*** Supplied data Section Begins ***
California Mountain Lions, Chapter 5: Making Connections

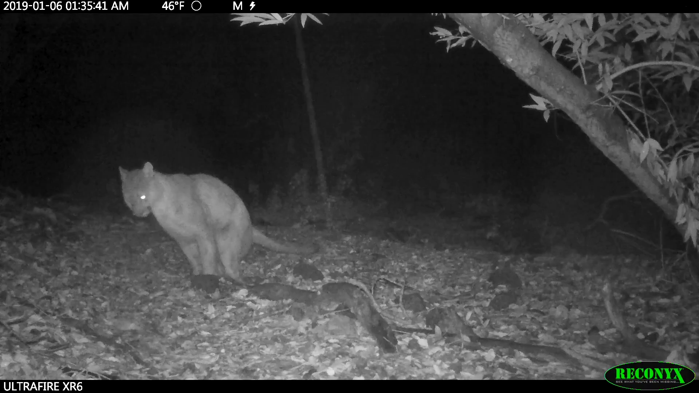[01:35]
Lions mark their territory in order to let other animals know that this space has already been claimed.
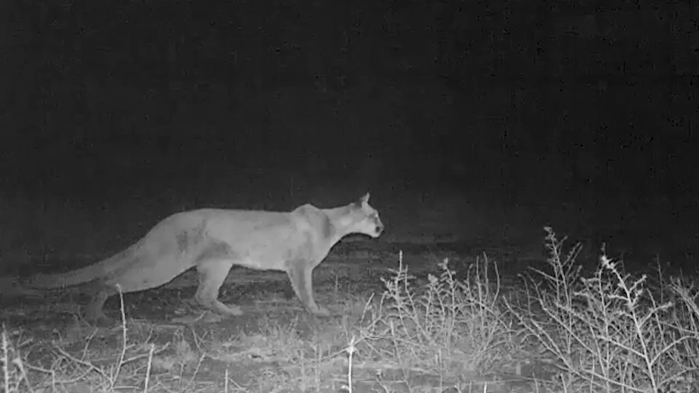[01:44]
Unfortunately, not all areas in California are accessible or safe. And unfamiliar territory,
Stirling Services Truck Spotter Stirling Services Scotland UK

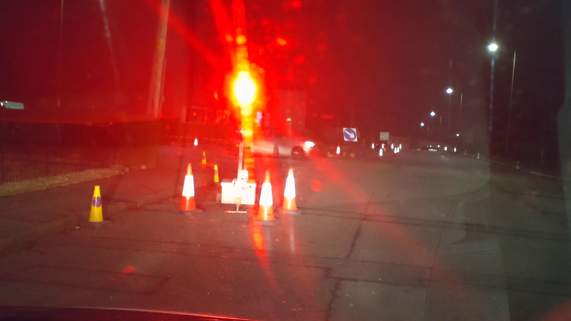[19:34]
Rather than, say, going to the swimming pool or the sauna. Well, why don't I just follow that car there? You've got a nice bathroom. I mean, it's going. I think in the Roman world, everybody bathed, but how quickly that became true for Northern England... It's changed to green. Professor Elizabeth Archibald has made a study as it developed through the Roman and medieval periods.
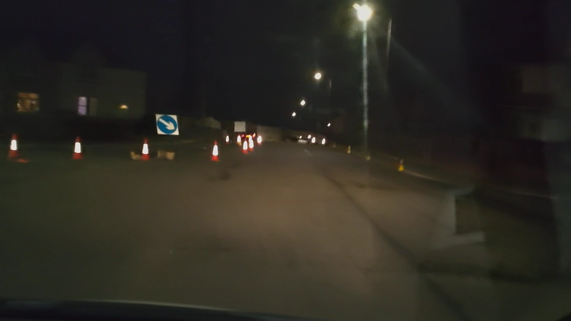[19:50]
It's changed. After 200 years of Roman Did you see it change into green? I've seen it change into green. It changed to fucking green. Towns too, I assume, unless you were a shepherd way out on the moors.
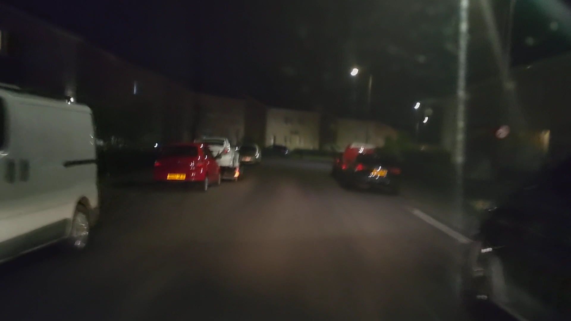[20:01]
Seen it changing. Look, green. That's red there.
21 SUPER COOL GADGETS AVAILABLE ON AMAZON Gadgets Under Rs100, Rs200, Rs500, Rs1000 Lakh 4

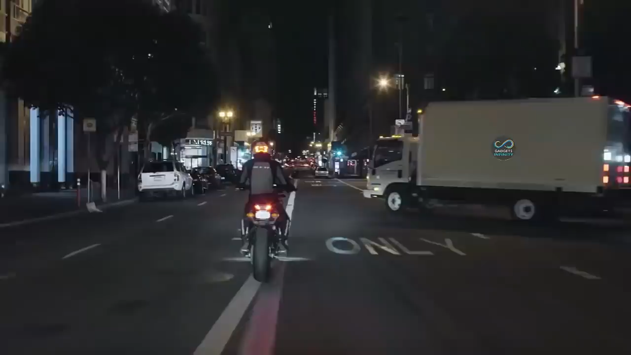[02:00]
यानि आप अपनी बाइक को जैसी स्लो करते हैं, या फिर अपने मोटर साइकल का ब्रेक लगाते हैं,
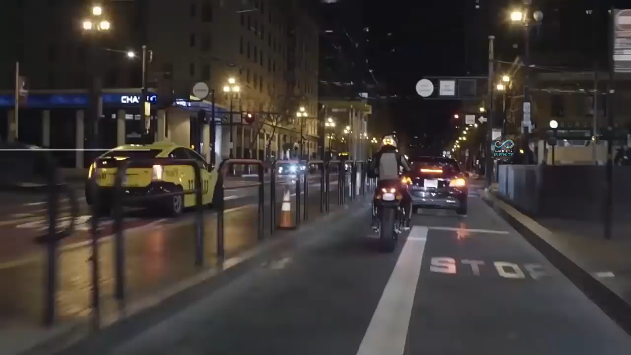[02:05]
ये वैसे अपनी अल्टरा ब्राइट � पीछे वाले को इंफर्म करने के लिए चला लेती है,
*** Supplied data Section Ends ***
◆ Work request
Repeat the full set of records exactly, and output no pictures.

◆ Output of the task
California Mountain Lions, Chapter 5: Making Connections

[01:35]
Lions mark their territory in order to let other animals know that this space has already been claimed.
[01:44]
Unfortunately, not all areas in California are accessible or safe. And unfamiliar territory,
Stirling Services Truck Spotter Stirling Services Scotland UK

[19:34]
Rather than, say, going to the swimming pool or the sauna. Well, why don't I just follow that car there? You've got a nice bathroom. I mean, it's going. I think in the Roman world, everybody bathed, but how quickly that became true for Northern England... It's changed to green. Professor Elizabeth Archibald has made a study as it developed through the Roman and medieval periods.
[19:50]
It's changed. After 200 years of Roman Did you see it change into green? I've seen it change into green. It changed to fucking green. Towns too, I assume, unless you were a shepherd way out on the moors.
[20:01]
Seen it changing. Look, green. That's red there.
21 SUPER COOL GADGETS AVAILABLE ON AMAZON Gadgets Under Rs100, Rs200, Rs500, Rs1000 Lakh 4

[02:00]
यानि आप अपनी बाइक को जैसी स्लो करते हैं, या फिर अपने मोटर साइकल का ब्रेक लगाते हैं,
[02:05]
ये वैसे अपनी अल्टरा ब्राइट � पीछे वाले को इंफर्म करने के लिए चला लेती है,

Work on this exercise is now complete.